# ECFP6 NN Data preprocessing

This ipynb is intended to be used in tandem with the 'ecfp_nn.ipynb' file. Please run this file first to construct the 

In [5]:
import pandas as pd
import pickle
from rdkit import Chem
from rdkit.Chem import AllChem
import numpy as np

## Data preprocessing and Loading

In [6]:
def string_to_bitstr(smiles):
    mol = Chem.MolFromSmiles(smiles) # convert smiles to molecule
    mol = Chem.AddHs(mol) # include hydrogen's in EFCP
    # next line converts the molecule into a ~ECFP6 fingerprint string with 2048 bits
    fprint = AllChem.GetMorganFingerprintAsBitVect(mol=mol, radius=3, nBits=2048)
    # convert that to the one hot encoding of the ECFP6
    rtrn = np.fromiter(fprint.ToBitString(), "u1")
    return rtrn

In [3]:
def load_B3DB(path="B3DB/B3DB/B3DB_classification.tsv"):
    # load dataset from B3DB
    data = pd.read_csv(path, sep="\t")
    fingerprints = []
    labels = []
    for idx, row in data.iterrows(): # iter thru data
        smiles = row["SMILES"] # get smiles
        fingerprints.append(string_to_bitstr(smiles)) # convert smiles to bitstring
        if row['BBB+/BBB-'] == 'BBB+': # assing 1 for BBB+, 0 for BBB-
            labels.append(1)
        else:
            labels.append(0)
    fingerprints = np.array(fingerprints)
    labels = np.array(labels)
    return (fingerprints, labels)

def pickle_database(obj, name='fps_and_labels.pickle'):
    with open('fps_and_labels.pickle', 'wb') as f:
        pickle.dump(obj, f)
    return

### Build and pickle the processed data

To build your pickled ecfp data object, all that is necessary is that the proper path to reach the "B3DB_classification.tsv" be provided.

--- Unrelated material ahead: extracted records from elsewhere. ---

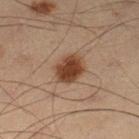Imaged during a routine full-body skin examination; the lesion was not biopsied and no histopathology is available.
The total-body-photography lesion software estimated a mean CIELAB color near L≈34 a*≈17 b*≈26 and about 12 CIELAB-L* units darker than the surrounding skin.
A region of skin cropped from a whole-body photographic capture, roughly 15 mm wide.
The lesion is located on the leg.
The lesion's longest dimension is about 4 mm.
A male subject approximately 55 years of age.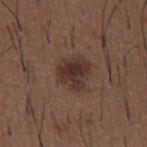tile lighting: white-light illumination
image source: ~15 mm crop, total-body skin-cancer survey
subject: male, in their 50s
location: the chest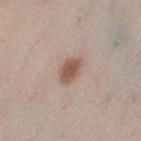workup = no biopsy performed (imaged during a skin exam); imaging modality = total-body-photography crop, ~15 mm field of view; anatomic site = the left thigh; subject = female, aged 38 to 42.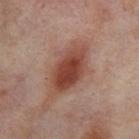Q: Was this lesion biopsied?
A: imaged on a skin check; not biopsied
Q: What is the lesion's diameter?
A: ~7 mm (longest diameter)
Q: Where on the body is the lesion?
A: the right thigh
Q: What is the imaging modality?
A: total-body-photography crop, ~15 mm field of view
Q: Automated lesion metrics?
A: a border-irregularity rating of about 2.5/10, a within-lesion color-variation index near 6/10, and peripheral color asymmetry of about 1.5; an automated nevus-likeness rating near 95 out of 100 and a detector confidence of about 100 out of 100 that the crop contains a lesion
Q: Who is the patient?
A: female, roughly 55 years of age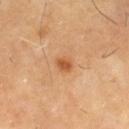<tbp_lesion>
<biopsy_status>not biopsied; imaged during a skin examination</biopsy_status>
<site>left thigh</site>
<image>
  <source>total-body photography crop</source>
  <field_of_view_mm>15</field_of_view_mm>
</image>
<lesion_size>
  <long_diameter_mm_approx>2.0</long_diameter_mm_approx>
</lesion_size>
<lighting>cross-polarized</lighting>
<patient>
  <sex>male</sex>
  <age_approx>60</age_approx>
</patient>
</tbp_lesion>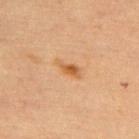Q: Was this lesion biopsied?
A: no biopsy performed (imaged during a skin exam)
Q: What is the anatomic site?
A: the upper back
Q: How was this image acquired?
A: ~15 mm crop, total-body skin-cancer survey
Q: What is the lesion's diameter?
A: ~3 mm (longest diameter)
Q: Patient demographics?
A: female, roughly 65 years of age
Q: What lighting was used for the tile?
A: cross-polarized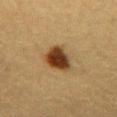notes: imaged on a skin check; not biopsied
body site: the chest
subject: female, aged approximately 55
lighting: cross-polarized
automated lesion analysis: an area of roughly 8.5 mm², an outline eccentricity of about 0.65 (0 = round, 1 = elongated), and a shape-asymmetry score of about 0.2 (0 = symmetric); border irregularity of about 2 on a 0–10 scale, a color-variation rating of about 4.5/10, and peripheral color asymmetry of about 1; a nevus-likeness score of about 100/100 and lesion-presence confidence of about 100/100
size: ~4 mm (longest diameter)
imaging modality: ~15 mm tile from a whole-body skin photo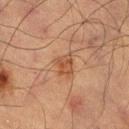Clinical impression:
Part of a total-body skin-imaging series; this lesion was reviewed on a skin check and was not flagged for biopsy.
Image and clinical context:
A 15 mm close-up tile from a total-body photography series done for melanoma screening. A male patient in their mid- to late 60s. From the left thigh.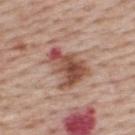workup=total-body-photography surveillance lesion; no biopsy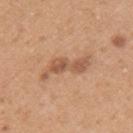{
  "biopsy_status": "not biopsied; imaged during a skin examination",
  "patient": {
    "sex": "female",
    "age_approx": 40
  },
  "lighting": "white-light",
  "site": "left upper arm",
  "lesion_size": {
    "long_diameter_mm_approx": 6.5
  },
  "image": {
    "source": "total-body photography crop",
    "field_of_view_mm": 15
  }
}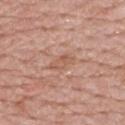Notes:
• follow-up · imaged on a skin check; not biopsied
• site · the mid back
• size · ~3.5 mm (longest diameter)
• tile lighting · white-light
• image-analysis metrics · a footprint of about 5 mm² and an eccentricity of roughly 0.85; an average lesion color of about L≈57 a*≈22 b*≈30 (CIELAB), roughly 7 lightness units darker than nearby skin, and a normalized lesion–skin contrast near 5; a border-irregularity rating of about 3/10, a within-lesion color-variation index near 3.5/10, and a peripheral color-asymmetry measure near 1.5
• patient · male, about 50 years old
• acquisition · ~15 mm tile from a whole-body skin photo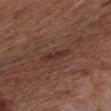The lesion was photographed on a routine skin check and not biopsied; there is no pathology result.
Captured under white-light illumination.
A 15 mm close-up tile from a total-body photography series done for melanoma screening.
The subject is a male aged 48–52.
The lesion-visualizer software estimated an average lesion color of about L≈32 a*≈20 b*≈23 (CIELAB) and a lesion-to-skin contrast of about 7 (normalized; higher = more distinct). The analysis additionally found a within-lesion color-variation index near 0.5/10 and radial color variation of about 0.
On the chest.
The lesion's longest dimension is about 3.5 mm.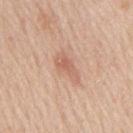Case summary:
* workup · no biopsy performed (imaged during a skin exam)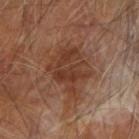workup: no biopsy performed (imaged during a skin exam)
diameter: ≈6 mm
acquisition: 15 mm crop, total-body photography
illumination: cross-polarized
patient: male, aged 68 to 72
automated lesion analysis: an area of roughly 18 mm² and a symmetry-axis asymmetry near 0.25; a border-irregularity index near 3.5/10, a color-variation rating of about 4.5/10, and peripheral color asymmetry of about 1.5
anatomic site: the arm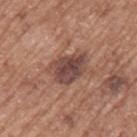Q: Is there a histopathology result?
A: imaged on a skin check; not biopsied
Q: What are the patient's age and sex?
A: male, aged 73–77
Q: Where on the body is the lesion?
A: the left upper arm
Q: How large is the lesion?
A: ≈4.5 mm
Q: What lighting was used for the tile?
A: white-light illumination
Q: Automated lesion metrics?
A: roughly 12 lightness units darker than nearby skin and a lesion-to-skin contrast of about 9.5 (normalized; higher = more distinct); a color-variation rating of about 5/10 and radial color variation of about 1.5; lesion-presence confidence of about 100/100
Q: How was this image acquired?
A: ~15 mm crop, total-body skin-cancer survey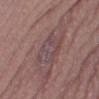notes: total-body-photography surveillance lesion; no biopsy | illumination: white-light illumination | image: 15 mm crop, total-body photography | lesion size: ~6.5 mm (longest diameter) | subject: female, aged around 40 | TBP lesion metrics: a lesion color around L≈46 a*≈17 b*≈15 in CIELAB and roughly 6 lightness units darker than nearby skin; a nevus-likeness score of about 0/100 and a lesion-detection confidence of about 10/100 | body site: the right thigh.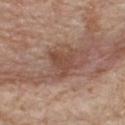Part of a total-body skin-imaging series; this lesion was reviewed on a skin check and was not flagged for biopsy.
The lesion's longest dimension is about 3 mm.
A lesion tile, about 15 mm wide, cut from a 3D total-body photograph.
A male patient, aged 78 to 82.
Automated tile analysis of the lesion measured a footprint of about 6 mm², a shape eccentricity near 0.5, and a shape-asymmetry score of about 0.55 (0 = symmetric). The analysis additionally found a border-irregularity rating of about 5.5/10, internal color variation of about 2 on a 0–10 scale, and peripheral color asymmetry of about 0.5.
The lesion is located on the upper back.
Imaged with white-light lighting.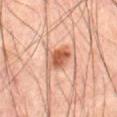Imaged during a routine full-body skin examination; the lesion was not biopsied and no histopathology is available.
Longest diameter approximately 3.5 mm.
Cropped from a whole-body photographic skin survey; the tile spans about 15 mm.
The lesion is located on the abdomen.
Imaged with cross-polarized lighting.
A male patient, in their mid-60s.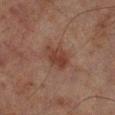Imaged during a routine full-body skin examination; the lesion was not biopsied and no histopathology is available.
Measured at roughly 4 mm in maximum diameter.
A male subject, aged 68 to 72.
Cropped from a total-body skin-imaging series; the visible field is about 15 mm.
Located on the right lower leg.
Automated image analysis of the tile measured a footprint of about 8.5 mm², a shape eccentricity near 0.75, and a symmetry-axis asymmetry near 0.3. The analysis additionally found an average lesion color of about L≈32 a*≈18 b*≈22 (CIELAB) and a normalized lesion–skin contrast near 7. It also reported an automated nevus-likeness rating near 25 out of 100.
Captured under cross-polarized illumination.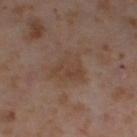Findings:
– follow-up — catalogued during a skin exam; not biopsied
– diameter — ≈4.5 mm
– TBP lesion metrics — a normalized lesion–skin contrast near 5.5; radial color variation of about 1; a classifier nevus-likeness of about 0/100 and a detector confidence of about 100 out of 100 that the crop contains a lesion
– location — the right thigh
– image — ~15 mm tile from a whole-body skin photo
– subject — female, aged 53 to 57
– lighting — cross-polarized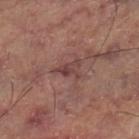• biopsy status: catalogued during a skin exam; not biopsied
• location: the left thigh
• tile lighting: cross-polarized
• imaging modality: 15 mm crop, total-body photography
• lesion size: ≈3.5 mm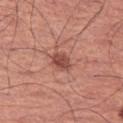<case>
<lesion_size>
  <long_diameter_mm_approx>2.5</long_diameter_mm_approx>
</lesion_size>
<patient>
  <sex>male</sex>
  <age_approx>65</age_approx>
</patient>
<automated_metrics>
  <area_mm2_approx>4.5</area_mm2_approx>
  <shape_asymmetry>0.15</shape_asymmetry>
  <cielab_L>48</cielab_L>
  <cielab_a>27</cielab_a>
  <cielab_b>27</cielab_b>
  <vs_skin_darker_L>12.0</vs_skin_darker_L>
  <vs_skin_contrast_norm>8.5</vs_skin_contrast_norm>
  <border_irregularity_0_10>1.5</border_irregularity_0_10>
  <color_variation_0_10>2.0</color_variation_0_10>
  <peripheral_color_asymmetry>1.0</peripheral_color_asymmetry>
  <nevus_likeness_0_100>70</nevus_likeness_0_100>
  <lesion_detection_confidence_0_100>100</lesion_detection_confidence_0_100>
</automated_metrics>
<lighting>white-light</lighting>
<site>left thigh</site>
<image>
  <source>total-body photography crop</source>
  <field_of_view_mm>15</field_of_view_mm>
</image>
</case>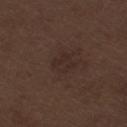The lesion was photographed on a routine skin check and not biopsied; there is no pathology result. On the right thigh. The subject is a male in their 70s. A close-up tile cropped from a whole-body skin photograph, about 15 mm across. The tile uses white-light illumination. Approximately 2.5 mm at its widest.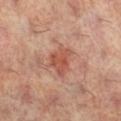illumination: cross-polarized illumination | subject: female, aged 58 to 62 | automated metrics: a lesion area of about 7 mm², a shape eccentricity near 0.6, and a shape-asymmetry score of about 0.35 (0 = symmetric); about 10 CIELAB-L* units darker than the surrounding skin and a normalized border contrast of about 7; a border-irregularity index near 3.5/10, internal color variation of about 4 on a 0–10 scale, and radial color variation of about 1.5 | location: the right lower leg | acquisition: 15 mm crop, total-body photography.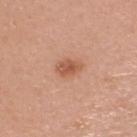Assessment:
Recorded during total-body skin imaging; not selected for excision or biopsy.
Image and clinical context:
A male subject aged 43 to 47. An algorithmic analysis of the crop reported lesion-presence confidence of about 100/100. The lesion is located on the head or neck. Captured under white-light illumination. A lesion tile, about 15 mm wide, cut from a 3D total-body photograph. The recorded lesion diameter is about 3 mm.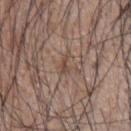{"biopsy_status": "not biopsied; imaged during a skin examination", "patient": {"sex": "male", "age_approx": 35}, "image": {"source": "total-body photography crop", "field_of_view_mm": 15}, "lighting": "white-light", "lesion_size": {"long_diameter_mm_approx": 2.5}, "site": "upper back"}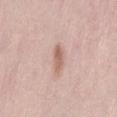About 3 mm across.
The tile uses white-light illumination.
The lesion is on the mid back.
A female patient, approximately 50 years of age.
A lesion tile, about 15 mm wide, cut from a 3D total-body photograph.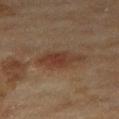| feature | finding |
|---|---|
| follow-up | no biopsy performed (imaged during a skin exam) |
| diameter | about 5.5 mm |
| illumination | cross-polarized illumination |
| acquisition | total-body-photography crop, ~15 mm field of view |
| automated lesion analysis | a lesion area of about 10 mm², an eccentricity of roughly 0.9, and a shape-asymmetry score of about 0.25 (0 = symmetric); an average lesion color of about L≈34 a*≈18 b*≈26 (CIELAB) and a lesion–skin lightness drop of about 8; an automated nevus-likeness rating near 90 out of 100 and lesion-presence confidence of about 100/100 |
| subject | female, aged approximately 60 |
| body site | the right thigh |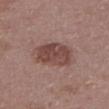Clinical impression:
Part of a total-body skin-imaging series; this lesion was reviewed on a skin check and was not flagged for biopsy.
Context:
Longest diameter approximately 5 mm. A female subject about 65 years old. On the upper back. This is a white-light tile. A 15 mm close-up tile from a total-body photography series done for melanoma screening.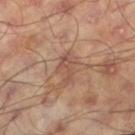Impression:
The lesion was photographed on a routine skin check and not biopsied; there is no pathology result.
Acquisition and patient details:
Imaged with cross-polarized lighting. On the left thigh. A male patient aged 58–62. This image is a 15 mm lesion crop taken from a total-body photograph.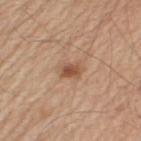Imaged during a routine full-body skin examination; the lesion was not biopsied and no histopathology is available. The lesion-visualizer software estimated roughly 11 lightness units darker than nearby skin and a normalized lesion–skin contrast near 7.5. It also reported a border-irregularity index near 2/10, internal color variation of about 3.5 on a 0–10 scale, and peripheral color asymmetry of about 1. And it measured an automated nevus-likeness rating near 80 out of 100 and a detector confidence of about 100 out of 100 that the crop contains a lesion. From the left upper arm. Captured under white-light illumination. A male patient approximately 65 years of age. A lesion tile, about 15 mm wide, cut from a 3D total-body photograph. Approximately 2.5 mm at its widest.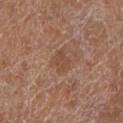| field | value |
|---|---|
| follow-up | imaged on a skin check; not biopsied |
| body site | the left lower leg |
| subject | female, approximately 80 years of age |
| automated lesion analysis | an area of roughly 4.5 mm²; border irregularity of about 2.5 on a 0–10 scale and internal color variation of about 1.5 on a 0–10 scale; a nevus-likeness score of about 0/100 and a detector confidence of about 100 out of 100 that the crop contains a lesion |
| tile lighting | white-light illumination |
| image source | total-body-photography crop, ~15 mm field of view |
| size | ~2.5 mm (longest diameter) |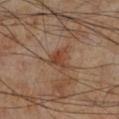Case summary:
* follow-up: catalogued during a skin exam; not biopsied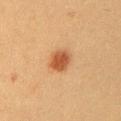Imaged during a routine full-body skin examination; the lesion was not biopsied and no histopathology is available.
The subject is a female roughly 40 years of age.
An algorithmic analysis of the crop reported a lesion color around L≈44 a*≈23 b*≈34 in CIELAB, about 12 CIELAB-L* units darker than the surrounding skin, and a normalized lesion–skin contrast near 9. The analysis additionally found border irregularity of about 1.5 on a 0–10 scale, a within-lesion color-variation index near 2.5/10, and a peripheral color-asymmetry measure near 0.5. It also reported a nevus-likeness score of about 100/100 and a detector confidence of about 100 out of 100 that the crop contains a lesion.
The lesion is located on the left upper arm.
A 15 mm close-up tile from a total-body photography series done for melanoma screening.
The recorded lesion diameter is about 3 mm.
The tile uses cross-polarized illumination.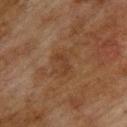Q: Is there a histopathology result?
A: catalogued during a skin exam; not biopsied
Q: Lesion location?
A: the back
Q: How was this image acquired?
A: total-body-photography crop, ~15 mm field of view
Q: How was the tile lit?
A: cross-polarized
Q: Lesion size?
A: ≈3 mm
Q: Who is the patient?
A: male, about 75 years old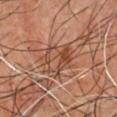Assessment:
No biopsy was performed on this lesion — it was imaged during a full skin examination and was not determined to be concerning.
Image and clinical context:
On the chest. A male patient in their mid- to late 60s. This is a cross-polarized tile. Automated image analysis of the tile measured a footprint of about 11 mm², a shape eccentricity near 0.55, and two-axis asymmetry of about 0.25. And it measured an average lesion color of about L≈48 a*≈22 b*≈31 (CIELAB) and roughly 8 lightness units darker than nearby skin. And it measured a detector confidence of about 70 out of 100 that the crop contains a lesion. A 15 mm close-up extracted from a 3D total-body photography capture.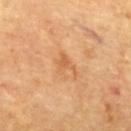This lesion was catalogued during total-body skin photography and was not selected for biopsy. The lesion is on the upper back. About 3 mm across. A 15 mm crop from a total-body photograph taken for skin-cancer surveillance. A subject aged around 60. Imaged with cross-polarized lighting.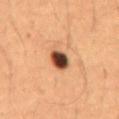Imaged during a routine full-body skin examination; the lesion was not biopsied and no histopathology is available. The lesion is on the front of the torso. The patient is a male about 50 years old. A lesion tile, about 15 mm wide, cut from a 3D total-body photograph. Approximately 2.5 mm at its widest. The tile uses cross-polarized illumination.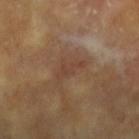* biopsy status: total-body-photography surveillance lesion; no biopsy
* lighting: cross-polarized
* location: the arm
* automated lesion analysis: a lesion–skin lightness drop of about 6; a border-irregularity rating of about 5.5/10
* subject: female, aged 73–77
* acquisition: 15 mm crop, total-body photography
* size: ~3.5 mm (longest diameter)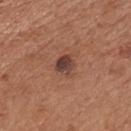biopsy status: no biopsy performed (imaged during a skin exam) | patient: male, about 55 years old | image: ~15 mm crop, total-body skin-cancer survey | site: the chest | lesion size: ~2.5 mm (longest diameter).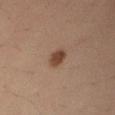The lesion was tiled from a total-body skin photograph and was not biopsied. Cropped from a total-body skin-imaging series; the visible field is about 15 mm. The lesion is located on the arm. The subject is a male approximately 35 years of age.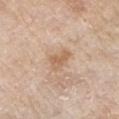{
  "biopsy_status": "not biopsied; imaged during a skin examination",
  "site": "arm",
  "image": {
    "source": "total-body photography crop",
    "field_of_view_mm": 15
  },
  "lighting": "white-light",
  "patient": {
    "sex": "male",
    "age_approx": 65
  },
  "lesion_size": {
    "long_diameter_mm_approx": 3.0
  }
}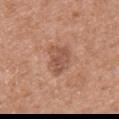Case summary:
- notes · imaged on a skin check; not biopsied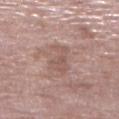Q: Was this lesion biopsied?
A: imaged on a skin check; not biopsied
Q: How was the tile lit?
A: white-light illumination
Q: Who is the patient?
A: female, in their 70s
Q: Lesion location?
A: the right lower leg
Q: How large is the lesion?
A: ≈4.5 mm
Q: How was this image acquired?
A: ~15 mm tile from a whole-body skin photo
Q: Automated lesion metrics?
A: a footprint of about 7 mm², a shape eccentricity near 0.9, and a symmetry-axis asymmetry near 0.4; an automated nevus-likeness rating near 0 out of 100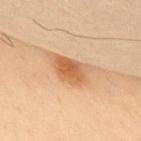<record>
<biopsy_status>not biopsied; imaged during a skin examination</biopsy_status>
<patient>
  <sex>male</sex>
  <age_approx>50</age_approx>
</patient>
<automated_metrics>
  <area_mm2_approx>11.0</area_mm2_approx>
  <eccentricity>0.85</eccentricity>
  <shape_asymmetry>0.25</shape_asymmetry>
  <cielab_L>61</cielab_L>
  <cielab_a>23</cielab_a>
  <cielab_b>39</cielab_b>
  <vs_skin_contrast_norm>8.0</vs_skin_contrast_norm>
</automated_metrics>
<site>upper back</site>
<image>
  <source>total-body photography crop</source>
  <field_of_view_mm>15</field_of_view_mm>
</image>
<lighting>cross-polarized</lighting>
<lesion_size>
  <long_diameter_mm_approx>5.0</long_diameter_mm_approx>
</lesion_size>
</record>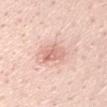Imaged during a routine full-body skin examination; the lesion was not biopsied and no histopathology is available.
An algorithmic analysis of the crop reported a footprint of about 7 mm², a shape eccentricity near 0.65, and two-axis asymmetry of about 0.2. The software also gave a lesion color around L≈70 a*≈23 b*≈27 in CIELAB, a lesion–skin lightness drop of about 10, and a lesion-to-skin contrast of about 6 (normalized; higher = more distinct).
A close-up tile cropped from a whole-body skin photograph, about 15 mm across.
The lesion is on the right upper arm.
A male patient, roughly 50 years of age.
The recorded lesion diameter is about 3.5 mm.
Imaged with white-light lighting.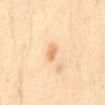{"biopsy_status": "not biopsied; imaged during a skin examination", "patient": {"sex": "male", "age_approx": 45}, "lighting": "cross-polarized", "site": "front of the torso", "image": {"source": "total-body photography crop", "field_of_view_mm": 15}, "automated_metrics": {"area_mm2_approx": 3.0, "eccentricity": 0.75, "shape_asymmetry": 0.3, "cielab_L": 73, "cielab_a": 18, "cielab_b": 42, "vs_skin_darker_L": 10.0, "border_irregularity_0_10": 2.5, "color_variation_0_10": 2.0, "peripheral_color_asymmetry": 1.0, "nevus_likeness_0_100": 10, "lesion_detection_confidence_0_100": 100}}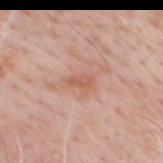Q: Is there a histopathology result?
A: imaged on a skin check; not biopsied
Q: How large is the lesion?
A: ≈2.5 mm
Q: What kind of image is this?
A: ~15 mm crop, total-body skin-cancer survey
Q: Automated lesion metrics?
A: a lesion color around L≈59 a*≈23 b*≈30 in CIELAB and roughly 8 lightness units darker than nearby skin; border irregularity of about 2.5 on a 0–10 scale, internal color variation of about 1.5 on a 0–10 scale, and a peripheral color-asymmetry measure near 0.5; a nevus-likeness score of about 0/100 and a lesion-detection confidence of about 100/100
Q: What lighting was used for the tile?
A: white-light illumination
Q: What is the anatomic site?
A: the chest
Q: Patient demographics?
A: male, aged 78 to 82

It can be enter below, or if not entered, an attempt to access it as though it resided in the same folder as this file will be made.

In [2]:
# To set a path, uncomment the line below and type in the appropriate string.
# path = ""

In [10]:
# This pickling was done because rdkit is unusable in google colab
fingerprints, labels = load_B3DB(path)
pickle_database((fingerprints, labels))